I hope you are happy. If this is your first saw then you probably have a great starter saw. When my wife and I first married, she bought me my first TS, she paid 150.00 for my saw brand new at Sears. So that should tell you something about the experience I had to suffer through in my early woodworking years. We all start somewhere but it seems you might get a good start.


----------



## isu1977 (Jul 14, 2010)

I just bought bought the new PC PCB270TS saw this past Saterday, after looking at many other saws over the past year. It took roughly 2 hours to assemble and was impressed with the quaity of the materials, even down to the harden steel bolts and nuts. The only adjustment I had to made was with the hair line indicator on the rip fence. So far i am very pleased with the purchase.

I couldn't figure out why this saw and others i looked at have about a 12" empty space to the right of the right extension. Why didn't they just put in a 24' extension wing instead of a 10"? I noticed other saws have the same feature. Is there a reason for this?


----------



## jeffski1 (Nov 29, 2008)

Don,
I as well have been looking at this table saw for some time but being new to woodworking i wasn't so sure how this saw would perform.I surely do not want a saw that is difficult to set up;alignment ect.I like the price of the Porter Cable and Lowes is two miles away.I have read somewhere that Home Depot might be offering their new redesigned table saw by mid Aug.?.Has anyone else heard this?.Well I'm glad you have offered your initial thoughts on this saw and look forward for more reviews.
Jeff


----------



## surfin2 (Oct 24, 2009)

Knotscott, keep up the good work, your the TS & blade KING of lumberjocks…


----------



## DonW (Dec 30, 2009)

Jeff: My saw has been working very well right out of the box. It went together like a dream and everything was aligned well initially. I am not a real heavy user of the table saw, most of my work is scroll saw stuff. So, if you are a heavy user I would rely on the advice of some of the others who really know their stuff when it comes to table saws. But, I have been extremely happy with my saw to date and if given the opportunity I would buy it again without reservtion.

Don


----------



## TheGuyNextDoor (Sep 13, 2010)

Hey, just wanted to resurrect this discussion. I also bought this PC saw at Lowe's the very week it came out. And I got a great deal by asking an inexperienced manager if I could get her to knock some off the price. She gave it to me for 20% off. That is 14% below Lowe's cost!!!

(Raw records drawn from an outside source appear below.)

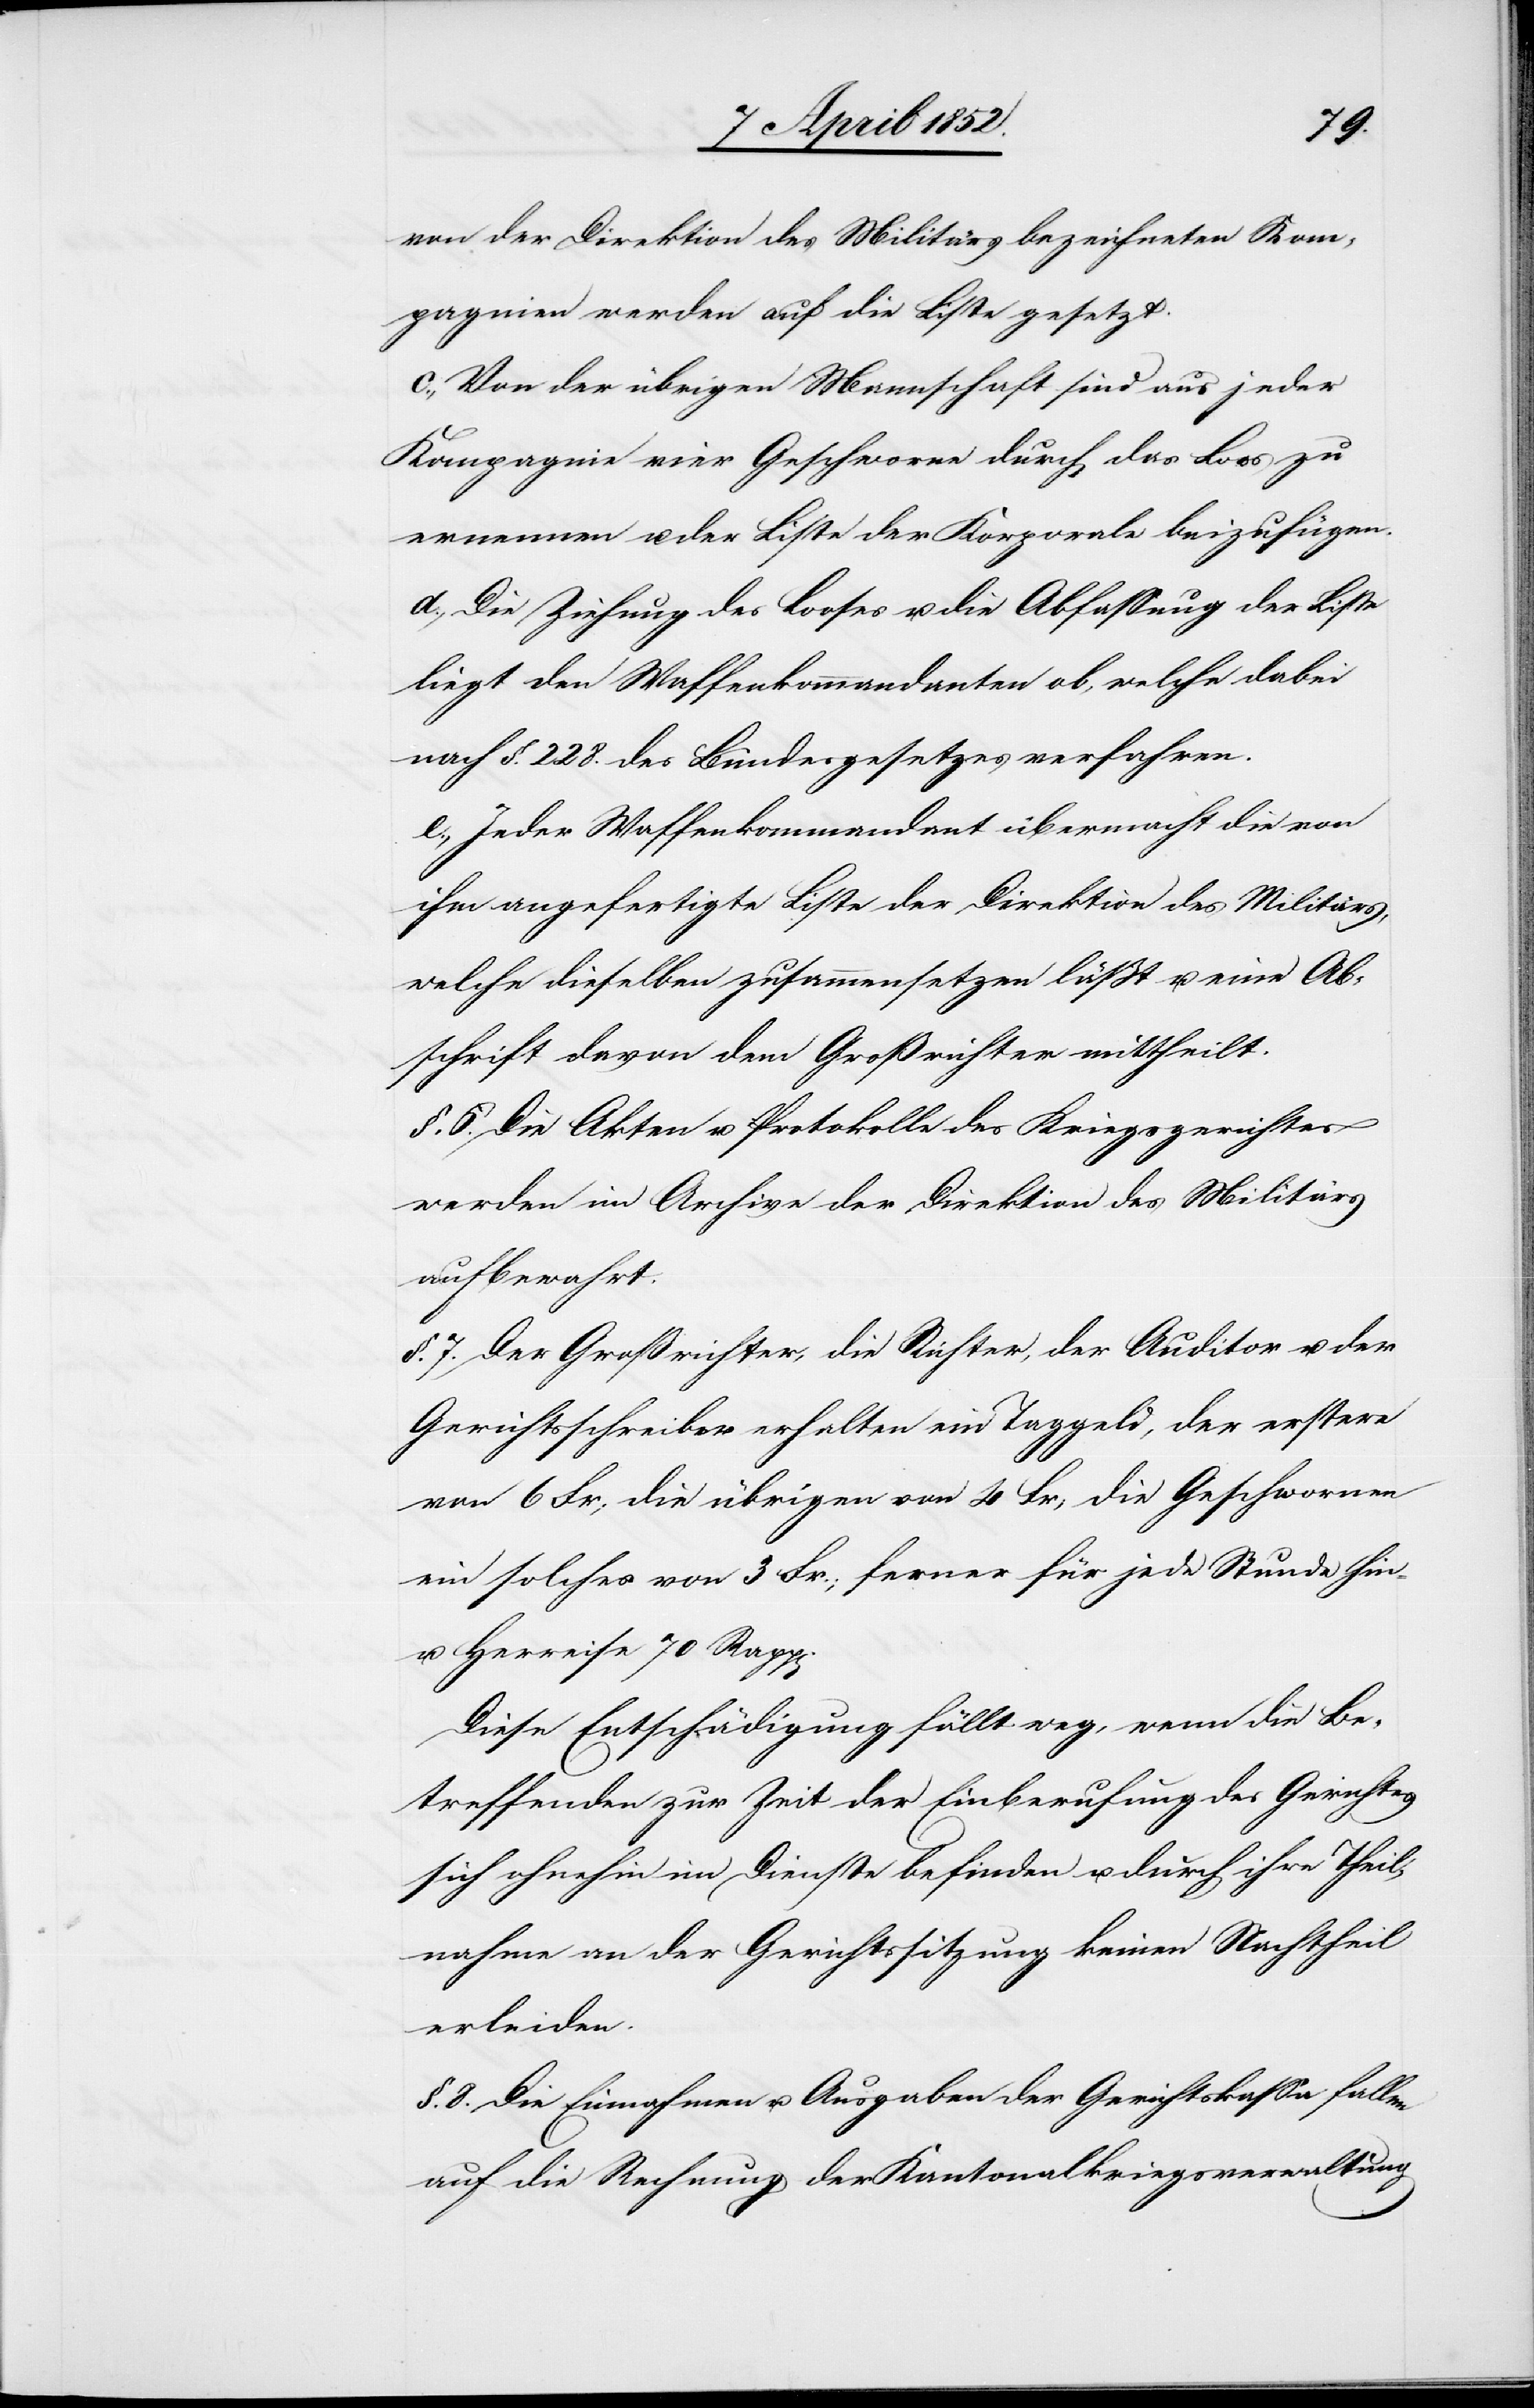
von der Direktion des Militärs bezeichneten Kom¬
pagnien werden auf die Liste gesetzt.
c., Von der übrigen Mannschaft sind aus jeder
Kompagnie vier Geschworne durch das Loos zu
ernennen u. der Liste der Korporale beizufügen.
d., Die Ziehung des Looses u. die Abfassung der Liste
liegt den Waffenkommandanten ob, welche dabei
nach §. 228. des Bundesgesetzes verfahren.
e., Jeder Waffenkommandant übermacht die von
ihm angefertigte Liste der Direktion des Militärs,
welche dieselben zusammensetzen lässt u. eine Ab¬
schrift davon dem Großrichter mittheilt.
§. 6. Die Akten u. Protokolle des Kriegsgerichtes
werden im Archive der Direktion des Militärs
aufbewahrt.
§. 7. Der Großrichter, die Richter, der Auditor u. der
Gerichtsschreiber erhalten ein Taggeld, der erstere
von 6 Fr; die übrigen von 4 Fr; die Geschwornen
ein solches von 3 Fr.; ferner für jede Stunde hin-
u. Herreise 70 Rapp[en].
Diese Entschädigung fällt weg, wenn die Be¬
treffenden zur Zeit der Einberufung des Gerichtes
sich ohnehin im Dienste befinden u. durch ihre Theil¬
nahme an der Gerichtssitzung keinen Nachtheil
erleiden.
§. 8. Die Einnahmen u. Ausgaben der Gerichtskassa fallen
auf die Rechnung der Kantonalkriegsverwaltung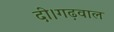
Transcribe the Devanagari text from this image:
दी।गढ़वाल

Anyway, I am in the market for a dado blade for it and I wondered if anyone has any experience with a dado in this saw. Ive been looking at the Oshlund SDS-0842 (http://www.amazon.com/Oshlun-SDS-0842-8-Inch-42-tooth-Stack/dp/B0012YF25Q/ref=sr_1_fkmr0_1?ie=UTF8&qid=1284433433&sr=8-1-fkmr0).

The arbor size is correct, and I can live with the max dado width of 13/16, but my main concern is if the 8 inch dado will bog down on my machine or if I should go with a 6 inch dado instead.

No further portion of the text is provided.